▶ **Work to be completed**: Pick out and copy every line below that has the word "circle".
── Input data ──
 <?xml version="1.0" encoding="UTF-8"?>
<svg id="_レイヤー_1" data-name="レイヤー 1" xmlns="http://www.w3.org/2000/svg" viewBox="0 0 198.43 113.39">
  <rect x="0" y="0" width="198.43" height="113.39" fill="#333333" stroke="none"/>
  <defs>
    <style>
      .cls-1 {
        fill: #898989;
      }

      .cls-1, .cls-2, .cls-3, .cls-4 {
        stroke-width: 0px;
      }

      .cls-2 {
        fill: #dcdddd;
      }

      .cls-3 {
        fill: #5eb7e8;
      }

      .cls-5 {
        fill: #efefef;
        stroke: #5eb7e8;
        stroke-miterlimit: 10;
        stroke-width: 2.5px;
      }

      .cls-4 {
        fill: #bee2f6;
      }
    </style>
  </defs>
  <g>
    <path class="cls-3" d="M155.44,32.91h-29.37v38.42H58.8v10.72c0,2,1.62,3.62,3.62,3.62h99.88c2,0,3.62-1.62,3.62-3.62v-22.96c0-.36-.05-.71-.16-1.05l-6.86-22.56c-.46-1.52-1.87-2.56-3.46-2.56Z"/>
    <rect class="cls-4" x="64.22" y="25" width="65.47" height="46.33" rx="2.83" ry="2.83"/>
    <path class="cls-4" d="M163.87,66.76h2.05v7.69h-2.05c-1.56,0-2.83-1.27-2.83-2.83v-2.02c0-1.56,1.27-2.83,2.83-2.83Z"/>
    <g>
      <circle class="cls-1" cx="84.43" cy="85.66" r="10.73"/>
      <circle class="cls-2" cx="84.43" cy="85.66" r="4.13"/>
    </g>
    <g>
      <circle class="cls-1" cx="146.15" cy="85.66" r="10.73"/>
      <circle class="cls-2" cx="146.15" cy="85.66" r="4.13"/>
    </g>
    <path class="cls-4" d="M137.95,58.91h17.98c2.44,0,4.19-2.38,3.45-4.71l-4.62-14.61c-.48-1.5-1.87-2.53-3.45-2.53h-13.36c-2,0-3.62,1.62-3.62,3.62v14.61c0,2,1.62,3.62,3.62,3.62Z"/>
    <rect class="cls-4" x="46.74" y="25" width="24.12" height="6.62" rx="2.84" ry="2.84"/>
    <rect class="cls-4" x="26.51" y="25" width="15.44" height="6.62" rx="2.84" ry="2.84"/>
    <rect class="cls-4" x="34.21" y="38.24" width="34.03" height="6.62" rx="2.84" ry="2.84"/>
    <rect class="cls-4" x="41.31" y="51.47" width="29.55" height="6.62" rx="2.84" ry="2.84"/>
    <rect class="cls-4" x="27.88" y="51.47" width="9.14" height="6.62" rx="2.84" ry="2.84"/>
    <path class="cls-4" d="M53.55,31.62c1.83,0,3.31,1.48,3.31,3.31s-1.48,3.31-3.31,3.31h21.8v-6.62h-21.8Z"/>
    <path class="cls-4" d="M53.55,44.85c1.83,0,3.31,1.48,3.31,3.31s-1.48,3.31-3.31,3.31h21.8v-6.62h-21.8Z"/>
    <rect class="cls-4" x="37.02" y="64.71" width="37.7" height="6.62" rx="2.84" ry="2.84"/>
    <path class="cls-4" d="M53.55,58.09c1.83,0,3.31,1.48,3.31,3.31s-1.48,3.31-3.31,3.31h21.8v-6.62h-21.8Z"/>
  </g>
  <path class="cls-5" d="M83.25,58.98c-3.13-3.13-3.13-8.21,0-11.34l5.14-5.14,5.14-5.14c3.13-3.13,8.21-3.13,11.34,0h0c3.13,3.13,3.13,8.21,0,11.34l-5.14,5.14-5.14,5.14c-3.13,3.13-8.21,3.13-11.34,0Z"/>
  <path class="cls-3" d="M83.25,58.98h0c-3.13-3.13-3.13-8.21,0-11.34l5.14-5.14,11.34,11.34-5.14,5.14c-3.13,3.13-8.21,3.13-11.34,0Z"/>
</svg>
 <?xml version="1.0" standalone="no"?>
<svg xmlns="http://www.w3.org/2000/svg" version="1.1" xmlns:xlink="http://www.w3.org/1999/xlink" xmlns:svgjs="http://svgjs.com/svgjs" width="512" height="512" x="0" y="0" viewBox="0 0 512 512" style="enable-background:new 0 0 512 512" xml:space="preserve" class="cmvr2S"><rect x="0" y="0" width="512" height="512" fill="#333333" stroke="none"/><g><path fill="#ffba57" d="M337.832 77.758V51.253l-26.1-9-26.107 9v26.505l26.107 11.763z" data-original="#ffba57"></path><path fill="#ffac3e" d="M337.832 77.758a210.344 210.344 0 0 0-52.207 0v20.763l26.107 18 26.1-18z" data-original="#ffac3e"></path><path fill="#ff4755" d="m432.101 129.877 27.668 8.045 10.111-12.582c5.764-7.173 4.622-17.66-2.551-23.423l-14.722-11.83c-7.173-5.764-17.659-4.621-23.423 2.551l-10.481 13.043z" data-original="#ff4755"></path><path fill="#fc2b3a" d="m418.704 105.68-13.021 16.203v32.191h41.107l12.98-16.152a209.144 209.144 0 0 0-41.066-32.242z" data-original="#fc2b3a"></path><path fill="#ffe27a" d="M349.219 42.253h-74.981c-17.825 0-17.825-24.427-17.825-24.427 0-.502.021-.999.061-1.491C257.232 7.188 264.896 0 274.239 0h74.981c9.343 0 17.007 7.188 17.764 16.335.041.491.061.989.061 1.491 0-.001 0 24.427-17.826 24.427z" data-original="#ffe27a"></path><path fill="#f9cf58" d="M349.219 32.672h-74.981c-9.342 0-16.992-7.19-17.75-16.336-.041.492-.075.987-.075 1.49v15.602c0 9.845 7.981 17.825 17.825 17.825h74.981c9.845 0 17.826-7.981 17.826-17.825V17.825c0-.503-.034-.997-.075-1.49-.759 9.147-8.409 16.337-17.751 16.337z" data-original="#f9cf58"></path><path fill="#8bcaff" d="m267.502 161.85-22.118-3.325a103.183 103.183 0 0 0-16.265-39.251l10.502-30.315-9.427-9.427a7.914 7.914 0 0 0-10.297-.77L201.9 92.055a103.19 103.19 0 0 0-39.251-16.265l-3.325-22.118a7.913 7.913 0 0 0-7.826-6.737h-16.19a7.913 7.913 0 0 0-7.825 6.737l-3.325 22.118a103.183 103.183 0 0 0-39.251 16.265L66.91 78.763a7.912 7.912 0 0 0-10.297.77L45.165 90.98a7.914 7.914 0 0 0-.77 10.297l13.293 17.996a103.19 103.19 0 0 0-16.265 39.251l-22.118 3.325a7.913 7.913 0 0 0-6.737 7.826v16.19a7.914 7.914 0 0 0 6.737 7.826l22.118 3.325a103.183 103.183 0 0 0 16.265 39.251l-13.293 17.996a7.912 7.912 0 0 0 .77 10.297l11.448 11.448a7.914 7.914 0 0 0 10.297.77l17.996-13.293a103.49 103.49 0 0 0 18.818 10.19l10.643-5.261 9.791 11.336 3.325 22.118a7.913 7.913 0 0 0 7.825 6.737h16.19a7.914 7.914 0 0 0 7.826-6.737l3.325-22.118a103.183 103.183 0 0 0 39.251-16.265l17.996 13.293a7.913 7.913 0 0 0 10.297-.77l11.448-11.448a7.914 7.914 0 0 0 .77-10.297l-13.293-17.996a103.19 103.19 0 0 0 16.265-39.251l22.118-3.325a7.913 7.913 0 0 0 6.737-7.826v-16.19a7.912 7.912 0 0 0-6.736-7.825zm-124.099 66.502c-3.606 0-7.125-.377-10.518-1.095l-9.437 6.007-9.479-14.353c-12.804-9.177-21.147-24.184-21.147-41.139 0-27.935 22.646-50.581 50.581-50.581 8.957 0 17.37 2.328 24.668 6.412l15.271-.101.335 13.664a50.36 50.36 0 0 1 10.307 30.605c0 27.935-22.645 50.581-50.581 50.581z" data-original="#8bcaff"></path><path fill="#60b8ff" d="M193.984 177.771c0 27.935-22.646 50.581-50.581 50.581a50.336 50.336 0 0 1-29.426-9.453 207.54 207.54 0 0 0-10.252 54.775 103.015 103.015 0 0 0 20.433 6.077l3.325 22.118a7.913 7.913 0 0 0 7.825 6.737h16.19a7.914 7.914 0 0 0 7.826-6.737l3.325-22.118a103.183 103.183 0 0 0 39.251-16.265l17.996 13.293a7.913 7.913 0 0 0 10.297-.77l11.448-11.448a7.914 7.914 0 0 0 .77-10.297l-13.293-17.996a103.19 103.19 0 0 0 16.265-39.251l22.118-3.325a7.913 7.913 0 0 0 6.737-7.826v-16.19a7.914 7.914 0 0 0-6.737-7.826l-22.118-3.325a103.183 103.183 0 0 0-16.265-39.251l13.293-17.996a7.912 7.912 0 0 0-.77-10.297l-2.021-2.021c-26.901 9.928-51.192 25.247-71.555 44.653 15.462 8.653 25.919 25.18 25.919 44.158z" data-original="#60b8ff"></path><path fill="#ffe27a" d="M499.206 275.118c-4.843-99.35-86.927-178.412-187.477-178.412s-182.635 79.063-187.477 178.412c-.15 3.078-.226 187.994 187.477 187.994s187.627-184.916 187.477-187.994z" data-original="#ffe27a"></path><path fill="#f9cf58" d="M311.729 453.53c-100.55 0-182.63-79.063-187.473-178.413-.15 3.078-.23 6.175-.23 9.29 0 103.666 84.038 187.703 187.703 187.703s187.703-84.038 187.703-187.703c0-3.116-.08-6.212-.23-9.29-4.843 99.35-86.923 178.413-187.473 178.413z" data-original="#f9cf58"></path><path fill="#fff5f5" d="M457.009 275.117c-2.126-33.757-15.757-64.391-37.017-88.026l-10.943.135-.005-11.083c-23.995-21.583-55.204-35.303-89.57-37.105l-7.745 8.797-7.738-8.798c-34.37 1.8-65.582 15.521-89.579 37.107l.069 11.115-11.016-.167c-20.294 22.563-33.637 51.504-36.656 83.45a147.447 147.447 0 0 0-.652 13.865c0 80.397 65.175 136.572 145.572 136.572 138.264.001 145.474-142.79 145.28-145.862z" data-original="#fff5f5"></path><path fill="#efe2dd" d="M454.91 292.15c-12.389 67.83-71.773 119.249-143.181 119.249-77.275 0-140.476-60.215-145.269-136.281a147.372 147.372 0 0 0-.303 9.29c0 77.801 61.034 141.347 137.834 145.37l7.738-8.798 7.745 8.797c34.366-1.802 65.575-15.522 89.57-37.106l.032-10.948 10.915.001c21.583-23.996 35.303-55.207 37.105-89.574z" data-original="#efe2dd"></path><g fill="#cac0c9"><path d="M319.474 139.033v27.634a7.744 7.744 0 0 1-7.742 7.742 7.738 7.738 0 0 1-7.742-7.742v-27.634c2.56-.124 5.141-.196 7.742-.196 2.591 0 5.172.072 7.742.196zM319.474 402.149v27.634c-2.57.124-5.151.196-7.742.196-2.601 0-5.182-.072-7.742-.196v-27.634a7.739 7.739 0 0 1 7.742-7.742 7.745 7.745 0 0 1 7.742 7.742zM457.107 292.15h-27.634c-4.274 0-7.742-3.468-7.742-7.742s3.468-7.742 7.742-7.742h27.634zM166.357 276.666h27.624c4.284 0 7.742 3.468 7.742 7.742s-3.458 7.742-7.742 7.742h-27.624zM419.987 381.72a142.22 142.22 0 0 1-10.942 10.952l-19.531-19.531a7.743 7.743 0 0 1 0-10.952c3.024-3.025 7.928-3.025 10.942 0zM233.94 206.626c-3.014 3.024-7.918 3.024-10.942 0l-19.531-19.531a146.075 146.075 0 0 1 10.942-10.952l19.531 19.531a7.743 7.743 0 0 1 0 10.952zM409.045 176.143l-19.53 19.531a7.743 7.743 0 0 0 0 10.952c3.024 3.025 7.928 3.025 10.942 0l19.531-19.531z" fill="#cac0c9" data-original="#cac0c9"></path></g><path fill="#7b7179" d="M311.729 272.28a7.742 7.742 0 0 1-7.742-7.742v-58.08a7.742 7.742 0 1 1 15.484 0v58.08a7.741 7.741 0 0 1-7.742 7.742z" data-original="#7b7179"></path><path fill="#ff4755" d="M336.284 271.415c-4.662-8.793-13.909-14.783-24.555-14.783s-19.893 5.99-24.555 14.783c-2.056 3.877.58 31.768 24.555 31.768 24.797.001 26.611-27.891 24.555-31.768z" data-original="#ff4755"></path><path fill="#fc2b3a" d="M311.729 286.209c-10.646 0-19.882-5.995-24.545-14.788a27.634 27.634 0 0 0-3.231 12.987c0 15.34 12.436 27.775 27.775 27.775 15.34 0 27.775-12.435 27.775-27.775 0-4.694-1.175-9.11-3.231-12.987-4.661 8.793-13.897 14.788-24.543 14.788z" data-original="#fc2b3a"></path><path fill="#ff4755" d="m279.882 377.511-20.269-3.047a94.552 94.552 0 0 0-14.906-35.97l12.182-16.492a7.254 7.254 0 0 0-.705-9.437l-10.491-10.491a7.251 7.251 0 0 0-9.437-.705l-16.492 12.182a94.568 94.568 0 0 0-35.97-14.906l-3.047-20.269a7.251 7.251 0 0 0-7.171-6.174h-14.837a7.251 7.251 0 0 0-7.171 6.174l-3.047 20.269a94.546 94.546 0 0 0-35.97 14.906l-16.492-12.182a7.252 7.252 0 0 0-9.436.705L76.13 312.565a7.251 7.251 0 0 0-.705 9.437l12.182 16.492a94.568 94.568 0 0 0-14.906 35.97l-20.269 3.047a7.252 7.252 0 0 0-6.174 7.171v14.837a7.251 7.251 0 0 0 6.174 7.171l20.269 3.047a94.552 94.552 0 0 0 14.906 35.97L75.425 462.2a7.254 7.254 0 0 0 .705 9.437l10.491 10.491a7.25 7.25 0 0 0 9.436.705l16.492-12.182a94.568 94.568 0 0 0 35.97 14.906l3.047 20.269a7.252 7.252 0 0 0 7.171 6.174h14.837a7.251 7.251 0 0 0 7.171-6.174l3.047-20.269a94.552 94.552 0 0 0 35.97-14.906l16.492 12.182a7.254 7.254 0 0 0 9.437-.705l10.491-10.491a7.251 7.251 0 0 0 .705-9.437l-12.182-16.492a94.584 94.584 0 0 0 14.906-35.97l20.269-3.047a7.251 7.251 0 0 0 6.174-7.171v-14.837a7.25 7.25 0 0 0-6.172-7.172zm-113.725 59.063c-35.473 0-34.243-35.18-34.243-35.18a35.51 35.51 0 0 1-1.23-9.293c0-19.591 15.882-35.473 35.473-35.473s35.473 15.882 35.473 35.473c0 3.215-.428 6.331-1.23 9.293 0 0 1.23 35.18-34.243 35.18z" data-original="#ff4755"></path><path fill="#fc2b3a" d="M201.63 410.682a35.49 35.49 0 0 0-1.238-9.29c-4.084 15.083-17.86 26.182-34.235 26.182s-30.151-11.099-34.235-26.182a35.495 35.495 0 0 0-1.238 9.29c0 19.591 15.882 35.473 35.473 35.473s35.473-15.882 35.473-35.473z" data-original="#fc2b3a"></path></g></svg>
───
▶ **Answer to the exercise**:
      <circle class="cls-1" cx="84.43" cy="85.66" r="10.73"/>
      <circle class="cls-2" cx="84.43" cy="85.66" r="4.13"/>
      <circle class="cls-1" cx="146.15" cy="85.66" r="10.73"/>
      <circle class="cls-2" cx="146.15" cy="85.66" r="4.13"/>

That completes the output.